Europeans’ Stories vous emmène en Charente-Maritime, à l’Ouest de la France. Ce département abrite une vaste plaine céréalière très consommatrice de pesticides.
Les habitants de plusieurs communes de la région ont tiré la sonnette d’alarme : les cas de cancers d’enfants, dont plusieurs sont morts, se sont multipliés ces dernières années.
Une situation qui a tout lieu d’inquiéter Franck Rinchet-Girollet.
Son fils de 7 ans est en rémission d’un cancer des os, diagnostiqué il y a 5 ans.
Cet ancien chauffeur de bus, aujourd’hui attaché parlementaire, est le Co-Président de l’association Avenir Santé Environnement créée par des riverains qui, comme lui, se battent pour déterminer la cause des cancers de leurs enfants.
« Le capteur de la qualité de l'air de référence dans la zone a relevé en 2019, 33 pesticides, en 2021, 41 pesticides, et le record de France d’herbicides. », indique-t-il.
En octobre dernier, l’Association a publié les résultats d’analyses toxicologiques faites sur 72 enfants de 6 communes de l’agglomération.
« Quatorze molécules de pesticides ont été retrouvées dans les urines des enfants et 45 dans les cheveux.

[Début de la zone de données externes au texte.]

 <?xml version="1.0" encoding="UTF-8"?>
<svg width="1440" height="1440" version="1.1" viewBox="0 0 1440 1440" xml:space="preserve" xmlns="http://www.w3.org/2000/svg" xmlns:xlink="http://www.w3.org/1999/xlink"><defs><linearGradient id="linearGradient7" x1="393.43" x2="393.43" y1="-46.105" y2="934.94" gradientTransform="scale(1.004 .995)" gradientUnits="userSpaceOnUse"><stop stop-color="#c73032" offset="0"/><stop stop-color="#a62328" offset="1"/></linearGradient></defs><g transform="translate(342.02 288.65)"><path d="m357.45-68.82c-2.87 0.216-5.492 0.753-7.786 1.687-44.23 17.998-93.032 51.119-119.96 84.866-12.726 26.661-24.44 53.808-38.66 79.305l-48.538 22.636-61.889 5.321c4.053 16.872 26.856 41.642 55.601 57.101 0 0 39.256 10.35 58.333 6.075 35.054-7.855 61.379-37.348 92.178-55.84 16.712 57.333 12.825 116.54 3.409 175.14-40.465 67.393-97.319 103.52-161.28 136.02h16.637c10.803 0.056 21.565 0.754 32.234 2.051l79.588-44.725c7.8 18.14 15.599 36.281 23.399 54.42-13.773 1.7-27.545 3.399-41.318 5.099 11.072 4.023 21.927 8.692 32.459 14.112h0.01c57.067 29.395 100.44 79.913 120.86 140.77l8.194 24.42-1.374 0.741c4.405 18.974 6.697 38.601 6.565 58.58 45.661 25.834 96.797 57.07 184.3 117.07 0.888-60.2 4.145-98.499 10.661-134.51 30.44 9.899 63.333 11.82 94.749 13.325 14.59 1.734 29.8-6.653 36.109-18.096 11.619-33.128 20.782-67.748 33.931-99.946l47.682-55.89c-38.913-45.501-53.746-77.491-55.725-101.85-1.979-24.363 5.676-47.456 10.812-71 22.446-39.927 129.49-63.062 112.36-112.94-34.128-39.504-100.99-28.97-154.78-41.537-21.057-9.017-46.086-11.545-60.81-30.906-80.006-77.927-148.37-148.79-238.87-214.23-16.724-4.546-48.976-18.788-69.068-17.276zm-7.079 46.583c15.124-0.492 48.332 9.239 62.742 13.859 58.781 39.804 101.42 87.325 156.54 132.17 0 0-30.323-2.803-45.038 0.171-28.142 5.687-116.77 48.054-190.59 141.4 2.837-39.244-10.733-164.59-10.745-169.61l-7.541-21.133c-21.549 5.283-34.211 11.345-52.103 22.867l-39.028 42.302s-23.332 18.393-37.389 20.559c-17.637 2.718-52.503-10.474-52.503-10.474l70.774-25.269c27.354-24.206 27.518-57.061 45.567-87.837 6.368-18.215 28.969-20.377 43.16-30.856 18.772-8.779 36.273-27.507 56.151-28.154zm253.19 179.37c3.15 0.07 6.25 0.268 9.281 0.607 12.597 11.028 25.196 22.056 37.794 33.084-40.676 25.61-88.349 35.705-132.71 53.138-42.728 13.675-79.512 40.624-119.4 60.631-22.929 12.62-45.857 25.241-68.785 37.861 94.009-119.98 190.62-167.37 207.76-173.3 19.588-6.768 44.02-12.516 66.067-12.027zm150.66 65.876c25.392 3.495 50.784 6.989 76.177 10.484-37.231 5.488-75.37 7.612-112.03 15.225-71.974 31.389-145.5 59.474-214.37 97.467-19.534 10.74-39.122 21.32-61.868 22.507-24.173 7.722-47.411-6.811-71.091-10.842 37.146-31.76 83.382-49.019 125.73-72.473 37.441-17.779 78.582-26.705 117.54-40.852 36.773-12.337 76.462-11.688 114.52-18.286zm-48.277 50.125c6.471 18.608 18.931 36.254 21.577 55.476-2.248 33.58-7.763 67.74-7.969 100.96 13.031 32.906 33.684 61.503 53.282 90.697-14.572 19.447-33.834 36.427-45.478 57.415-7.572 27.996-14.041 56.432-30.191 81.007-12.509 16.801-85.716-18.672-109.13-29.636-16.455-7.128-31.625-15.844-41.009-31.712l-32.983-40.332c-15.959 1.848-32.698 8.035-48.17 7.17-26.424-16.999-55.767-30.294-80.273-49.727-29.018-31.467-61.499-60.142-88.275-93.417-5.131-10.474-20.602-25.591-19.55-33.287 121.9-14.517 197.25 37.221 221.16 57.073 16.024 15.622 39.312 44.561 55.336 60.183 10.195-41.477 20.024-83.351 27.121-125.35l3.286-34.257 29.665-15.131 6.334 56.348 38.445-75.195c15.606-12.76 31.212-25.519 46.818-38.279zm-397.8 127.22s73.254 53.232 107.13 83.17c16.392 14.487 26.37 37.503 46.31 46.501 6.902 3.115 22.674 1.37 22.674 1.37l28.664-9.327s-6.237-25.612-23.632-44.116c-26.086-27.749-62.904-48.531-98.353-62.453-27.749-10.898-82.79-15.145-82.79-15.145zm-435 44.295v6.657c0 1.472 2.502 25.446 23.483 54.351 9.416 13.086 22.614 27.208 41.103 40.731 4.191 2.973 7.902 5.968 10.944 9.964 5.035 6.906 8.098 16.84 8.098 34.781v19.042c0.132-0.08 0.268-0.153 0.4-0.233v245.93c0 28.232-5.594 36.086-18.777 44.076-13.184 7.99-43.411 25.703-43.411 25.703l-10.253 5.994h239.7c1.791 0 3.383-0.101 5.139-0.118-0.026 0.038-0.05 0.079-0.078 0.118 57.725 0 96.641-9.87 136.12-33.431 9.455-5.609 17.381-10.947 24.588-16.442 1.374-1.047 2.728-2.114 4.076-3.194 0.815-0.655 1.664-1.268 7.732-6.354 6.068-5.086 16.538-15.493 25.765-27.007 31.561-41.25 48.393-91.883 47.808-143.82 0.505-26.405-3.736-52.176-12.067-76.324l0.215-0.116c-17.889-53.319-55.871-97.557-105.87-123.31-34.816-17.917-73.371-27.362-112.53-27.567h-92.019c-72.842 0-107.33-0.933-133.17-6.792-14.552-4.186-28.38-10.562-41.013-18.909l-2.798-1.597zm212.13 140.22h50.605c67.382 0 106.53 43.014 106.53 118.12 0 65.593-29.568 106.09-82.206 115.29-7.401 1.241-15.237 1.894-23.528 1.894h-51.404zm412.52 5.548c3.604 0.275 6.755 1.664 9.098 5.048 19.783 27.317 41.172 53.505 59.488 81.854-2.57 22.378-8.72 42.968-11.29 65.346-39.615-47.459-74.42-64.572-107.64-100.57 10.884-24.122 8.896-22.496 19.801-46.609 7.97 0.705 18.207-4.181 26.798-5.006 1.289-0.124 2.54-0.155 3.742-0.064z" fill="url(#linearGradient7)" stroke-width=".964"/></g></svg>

Parmi elles, on a trouvé un certain nombre de molécules interdites », souligne Franck Rinchet-Girollet.
« Comment se fait-il que des molécules interdites, cancérigènes, soient encore présentes, et qu'on continue à donner des autorisations de mise sur le marché de produits encore potentiellement perturbateurs endocriniens, cancérigènes ? Les autorisations de mise sur le marché des produits dépendent du niveau européen en premier lieu. Et on voit que des molécules autorisées se révèlent être ou des cancérogènes probables ou des produits mutagènes reprotoxiques. »
Il exhorte l’Union Européenne à accompagner d’urgence le secteur agricole pour permettre une sortie des pesticides de synthèse.
« Plus on avancera dans le temps, plus on aura de cas de cancers pédiatriques. Notre fils est en rémission, mais on vivra toujours avec une épée de Damoclès au-dessus de la tête. Nous voulons sensibiliser les décideurs nationaux et européens. Je ne souhaite à personne de vivre l’enfer que nous avons vécu avec notre fils. Mais je me dis que s'ils l'avaient vécu, ils changeraient peut-être les politiques qu’ils mettent en place. »
L’Union européenne peut-elle mieux protéger ses citoyens des effets toxiques des pesticides ?
« La législation européenne sur les pesticides est l'une des meilleures au monde, mais elle n'est pas correctement mise en œuvre » constate de son côté Martin Dermine, directeur exécutif du réseau PAN Europe, qui milite pour une Europe sans pesticides.
« La directive sur l'utilisation durable des pesticides, par exemple, a pour priorité la mise en place de mesures préventives pour éviter le recours aux pesticides, avec des techniques simples comme la rotation des cultures ou l'utilisation de variétés résistantes aux ravageurs. Cette directive n'est pas correctement mise en œuvre par les États membres. La Commission européenne doit lancer des procédures d'infraction et se montrer beaucoup plus stricte avec les États membres.»
Martin Dermine est en outre convaincu que les Européens pourraient se passer de pesticides.
« La majorité des pesticides utilisés ne sont pas destinés à la production d’aliments que nous consommons directement. Si nous arrêtions de subventionner des cultures qui sont exportées hors de l’Union européenne, et concentrions l’argent de la PAC (Politique agricole commune) sur ce que nous mangeons vraiment, nous pourrions alors tout produire de manière biologique au même coût qu’aujourd’hui. Le problème est que notre agriculture est totalement ouverte aux marchés internationaux. Et tout cet argent de la PAC, qui représente un tiers du budget de l’Union Européenne, va dans les poches de l’industrie des pesticides, des engrais, et sert aussi à subventionner les exportations. »
A noter que la Médiatrice européenne a récemment dénoncé le non-respect par la Commission du délai fixé à trois mois pour les décisions d’autorisation des substances chimiques dangereuses.
Les retards durent parfois plusieurs années. Temps pendant lequel les entreprises peuvent continuer à diffuser des produits potentiellement toxiques ou cancérigènes. Bruxelles peut donc mieux faire.